■ **Collected data**
# # # # # # #

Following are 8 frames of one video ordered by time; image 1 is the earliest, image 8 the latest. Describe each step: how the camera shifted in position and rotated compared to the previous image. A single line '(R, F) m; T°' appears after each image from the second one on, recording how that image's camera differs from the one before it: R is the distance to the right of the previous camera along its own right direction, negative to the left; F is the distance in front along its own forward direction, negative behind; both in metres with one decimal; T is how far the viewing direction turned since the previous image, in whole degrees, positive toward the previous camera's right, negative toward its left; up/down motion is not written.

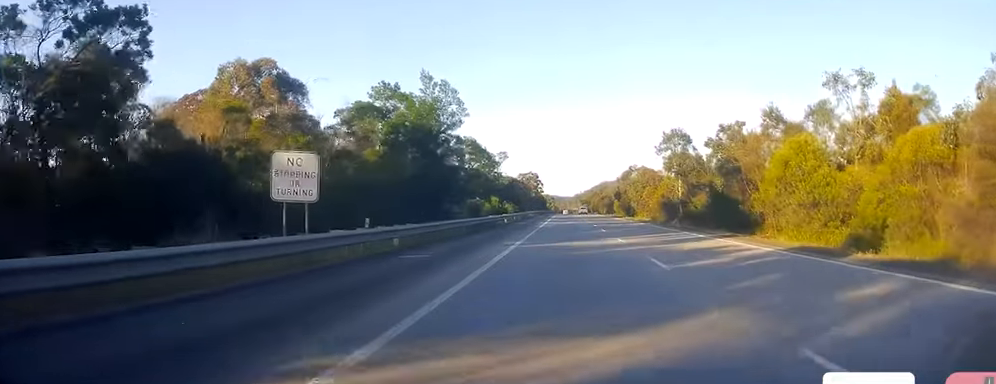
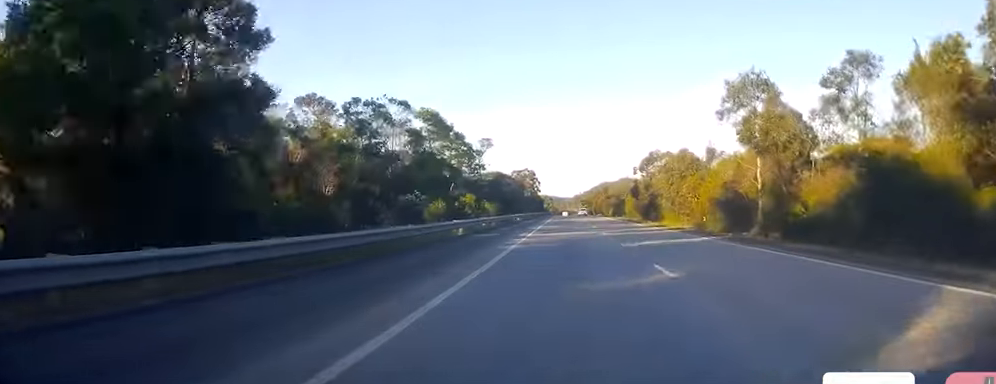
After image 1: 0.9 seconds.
(+0.3, +25.6) m; +1°
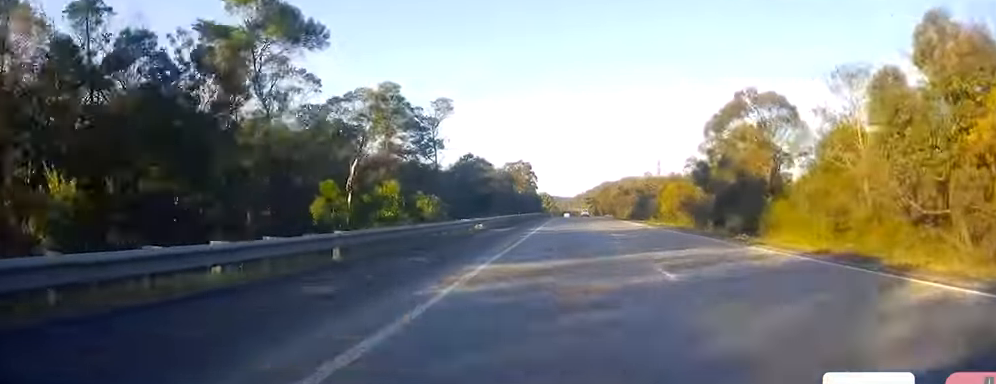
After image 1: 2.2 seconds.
(+0.1, +36.1) m; 0°
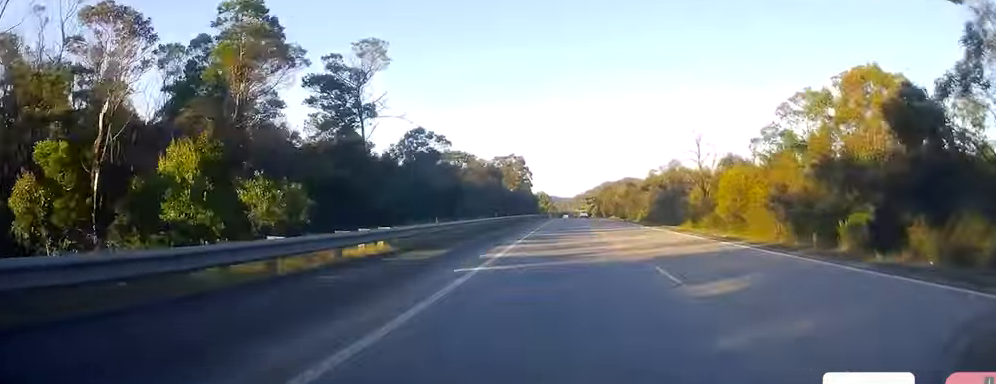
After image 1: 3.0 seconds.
(+0.1, +23.7) m; 0°
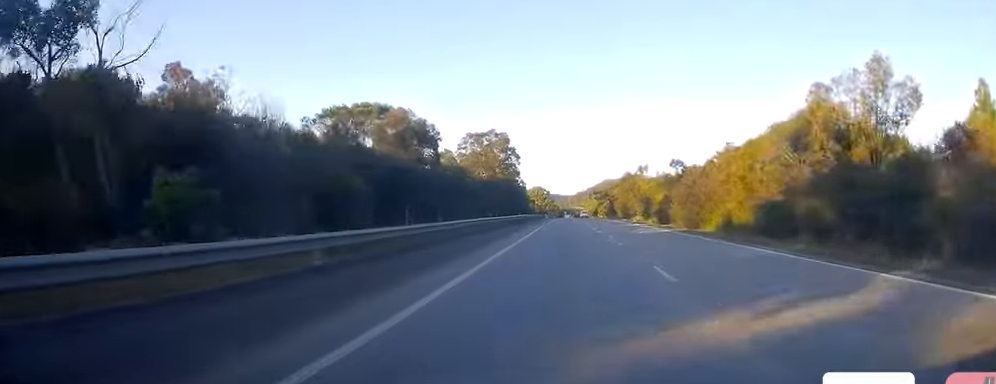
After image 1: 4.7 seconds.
(-0.2, +47.5) m; -1°
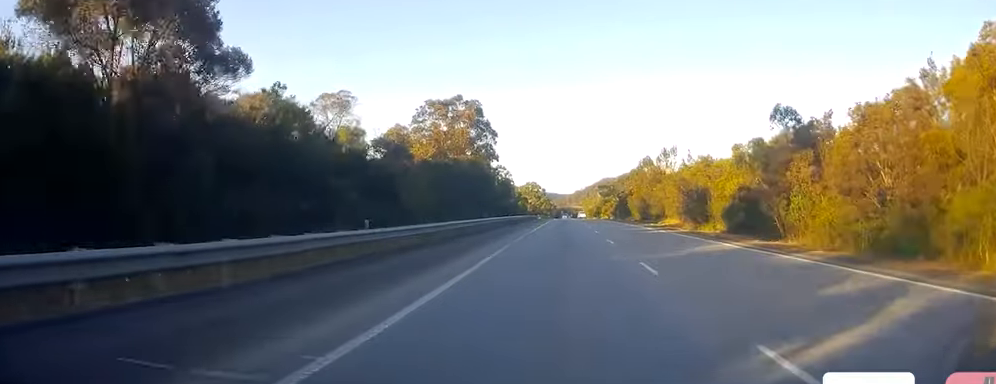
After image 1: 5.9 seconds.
(-0.5, +34.2) m; 0°
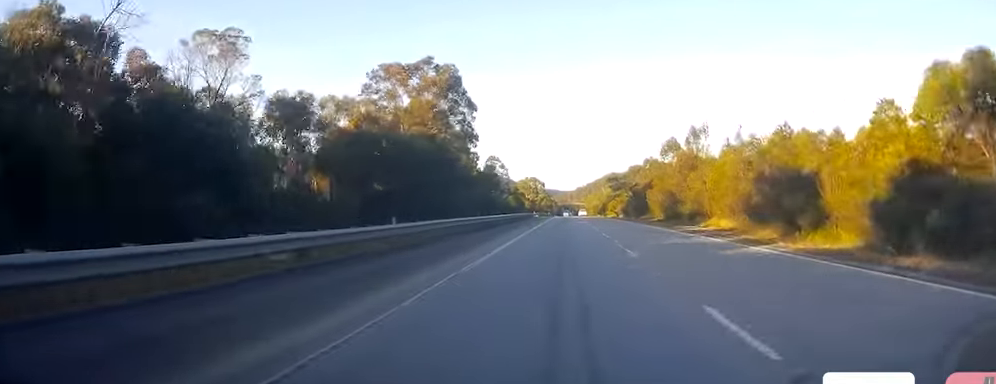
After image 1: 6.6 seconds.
(+0.4, +21.0) m; +1°
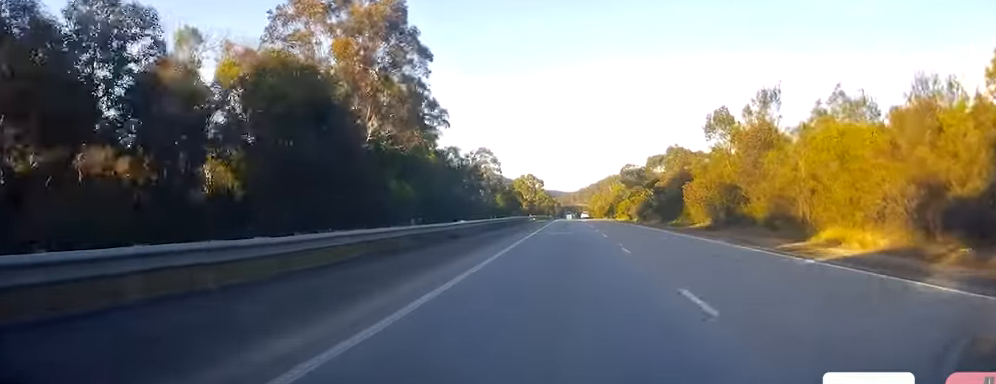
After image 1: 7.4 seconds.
(+0.1, +21.9) m; 0°

# # # # # # #

■ **About this task**
Line by line, print the records exactly, leaving the pictures behind.

■ **Exercise result**
Following are 8 frames of one video ordered by time; image 1 is the earliest, image 8 the latest. Describe each step: how the camera shifted in position and rotated compared to the previous image. A single line '(R, F) m; T°' appears after each image from the second one on, recording how that image's camera differs from the one before it: R is the distance to the right of the previous camera along its own right direction, negative to the left; F is the distance in front along its own forward direction, negative behind; both in metres with one decimal; T is how far the viewing direction turned since the previous image, in whole degrees, positive toward the previous camera's right, negative toward its left; up/down motion is not written.

After image 1: 0.9 seconds.
(+0.3, +25.6) m; +1°
After image 1: 2.2 seconds.
(+0.1, +36.1) m; 0°
After image 1: 3.0 seconds.
(+0.1, +23.7) m; 0°
After image 1: 4.7 seconds.
(-0.2, +47.5) m; -1°
After image 1: 5.9 seconds.
(-0.5, +34.2) m; 0°
After image 1: 6.6 seconds.
(+0.4, +21.0) m; +1°
After image 1: 7.4 seconds.
(+0.1, +21.9) m; 0°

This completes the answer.